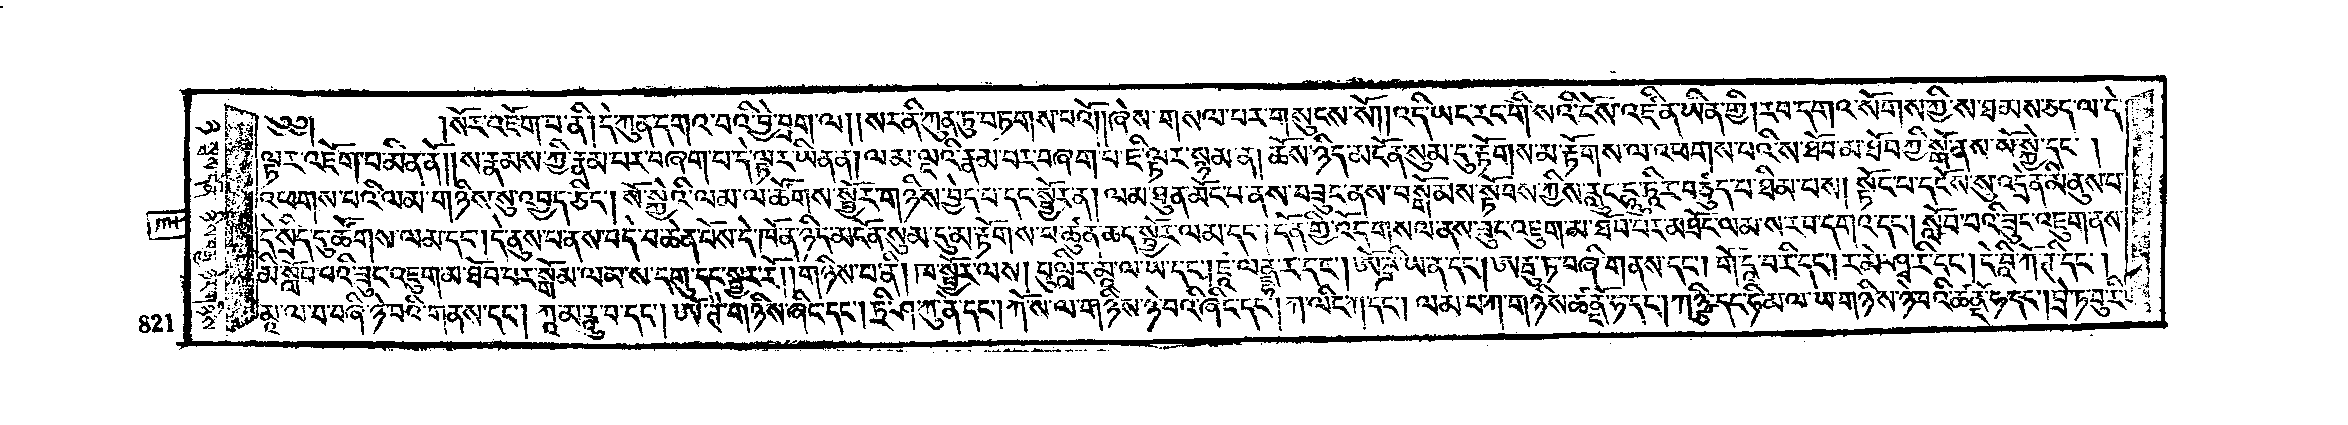༄༅། །སོར་འཇོག་པ་ནི། དེ་ཀུན་དགའ་བའི་བྱེ་བྲག་ལ། །སར་ནི་ཀུན་ཏུ་བཏགས་པའོ། །ཞེས་གསལ་བར་གསུངས་སོ། །འདི་ཡང་རང་གི་སའི་ངོས་འཛིན་ཡིན་གྱི། རབ་དགའ་སོགས་ཀྱི་ས་ཐམས་ཅད་ལ་དེ་
ལྟར་འཇོག་པ་མིན་ནོ། །ས་རྣམས་ཀྱི་རྣམ་པར་བཞག་པ་དེ་ལྟར་ཡིན་ན། ལམ་ལྔའི་རྣམ་པར་བཞག་པ་ཇི་ལྟར་སྙམ་ན། ཆོས་ཉིད་མངོན་སུམ་དུ་རྟོགས་མ་རྟོགས་ལ་འཕགས་པའི་ས་ཐོབ་མ་ཐོབ་ཀྱི་སྒོ་ནས་སོ་སྐྱེ་དང་།
འཕགས་པའི་ལམ་གཉིས་སུ་འབྱད་ཅིང་། སོ་སྐྱེའི་ལམ་ལ་ཚོགས་སྦྱོར་གཉིས་བྱེད་པ་དང་སྦྱོར་ན། ལམ་ཐུན་མོང་པ་ནས་བཟུང་ནས་བསྒོམས་སྟོབས་ཀྱིས་རླུང་དྷཱུ་ཏཱིར་བཅུད་པ་ཐིམ་པས། སྟོང་པ་དངོས་སུ་འདྲེན་མི་ནུས་པ་
དེ་སྲིད་དུ་ཚོགས་ལམ་དང་། དེ་ནུས་པ་ནས་བདེ་བ་ཆེན་པོས་དེ་ཁོ་ན་ཉིད་མངོན་སུམ་དུ་མ་རྟོགས་པ་ཚུན་ཆད་སྦྱོར་ལམ་དང་། དོན་གྱི་འོད་གསལ་ནས་ཟུང་འཇུག་མ་ཐོབ་པར་མཐོང་ལམ་ས་རབ་དགའ་དང་། སློབ་པའི་ཟུང་འཇུག་ནས་
མི་སློབ་པའི་ཟུང་འཇུག་མ་ཐོབ་པར་སྒོམ་ལམ་ས་དགུ་དང་སྦྱར་རོ། །གཉིས་པ་ནི། ཁ་སྦྱོར་ལས། པུ་ལཱིར་མཱ་ལ་ཡ་དང་། ཛཱ་ལནྡྷ་ར་དང་། ཨོ་ཌྜི་ཡ་ན་དང་། ཨརྦུ་ཏ་བཞི་གནས་དང་། གོ་དཱ་བ་རི་དང་། ར་མེ་ཤྭ་རི་དང་། དེ་བཱི་ཀོ་ཊི་དང་།
མཱ་ལ་བ་བཞི་ཉེ་བའི་གནས་དང་། ཀཱ་མ་རཱུ་བ་དང་། ཨོ་ཊཻ་གཉིས་ཞིང་དང་། ཏྲི་ཤ་ཀུ་ནེ་དང་། ཀོ་ས་ལ་གཉིས་ཉེ་བའི་ཞིང་དང་། ཀ་ལིང་ཀ་དང་། ལམ་པ་ཀ་གཉིས་ཚནྡོ་ཧ་དང་། ཀཉྩི་དང་ཧི་མ་ལ་ཡ་གཉིས་ཉེ་བའི་ཚནྡོ་ཧ་དང་། པྲེ་ཏ་བུ་རི་

▬▬▬▬▬▬▬▬▬▬

■ **Goal of the exercise**: The pictures in the entries should be left out; output everything else exactly.

■ **Exercise output**:
༄༅། །སོར་འཇོག་པ་ནི། དེ་ཀུན་དགའ་བའི་བྱེ་བྲག་ལ། །སར་ནི་ཀུན་ཏུ་བཏགས་པའོ། །ཞེས་གསལ་བར་གསུངས་སོ། །འདི་ཡང་རང་གི་སའི་ངོས་འཛིན་ཡིན་གྱི། རབ་དགའ་སོགས་ཀྱི་ས་ཐམས་ཅད་ལ་དེ་
ལྟར་འཇོག་པ་མིན་ནོ། །ས་རྣམས་ཀྱི་རྣམ་པར་བཞག་པ་དེ་ལྟར་ཡིན་ན། ལམ་ལྔའི་རྣམ་པར་བཞག་པ་ཇི་ལྟར་སྙམ་ན། ཆོས་ཉིད་མངོན་སུམ་དུ་རྟོགས་མ་རྟོགས་ལ་འཕགས་པའི་ས་ཐོབ་མ་ཐོབ་ཀྱི་སྒོ་ནས་སོ་སྐྱེ་དང་།
འཕགས་པའི་ལམ་གཉིས་སུ་འབྱད་ཅིང་། སོ་སྐྱེའི་ལམ་ལ་ཚོགས་སྦྱོར་གཉིས་བྱེད་པ་དང་སྦྱོར་ན། ལམ་ཐུན་མོང་པ་ནས་བཟུང་ནས་བསྒོམས་སྟོབས་ཀྱིས་རླུང་དྷཱུ་ཏཱིར་བཅུད་པ་ཐིམ་པས། སྟོང་པ་དངོས་སུ་འདྲེན་མི་ནུས་པ་
དེ་སྲིད་དུ་ཚོགས་ལམ་དང་། དེ་ནུས་པ་ནས་བདེ་བ་ཆེན་པོས་དེ་ཁོ་ན་ཉིད་མངོན་སུམ་དུ་མ་རྟོགས་པ་ཚུན་ཆད་སྦྱོར་ལམ་དང་། དོན་གྱི་འོད་གསལ་ནས་ཟུང་འཇུག་མ་ཐོབ་པར་མཐོང་ལམ་ས་རབ་དགའ་དང་། སློབ་པའི་ཟུང་འཇུག་ནས་
མི་སློབ་པའི་ཟུང་འཇུག་མ་ཐོབ་པར་སྒོམ་ལམ་ས་དགུ་དང་སྦྱར་རོ། །གཉིས་པ་ནི། ཁ་སྦྱོར་ལས། པུ་ལཱིར་མཱ་ལ་ཡ་དང་། ཛཱ་ལནྡྷ་ར་དང་། ཨོ་ཌྜི་ཡ་ན་དང་། ཨརྦུ་ཏ་བཞི་གནས་དང་། གོ་དཱ་བ་རི་དང་། ར་མེ་ཤྭ་རི་དང་། དེ་བཱི་ཀོ་ཊི་དང་།
མཱ་ལ་བ་བཞི་ཉེ་བའི་གནས་དང་། ཀཱ་མ་རཱུ་བ་དང་། ཨོ་ཊཻ་གཉིས་ཞིང་དང་། ཏྲི་ཤ་ཀུ་ནེ་དང་། ཀོ་ས་ལ་གཉིས་ཉེ་བའི་ཞིང་དང་། ཀ་ལིང་ཀ་དང་། ལམ་པ་ཀ་གཉིས་ཚནྡོ་ཧ་དང་། ཀཉྩི་དང་ཧི་མ་ལ་ཡ་གཉིས་ཉེ་བའི་ཚནྡོ་ཧ་དང་། པྲེ་ཏ་བུ་རི་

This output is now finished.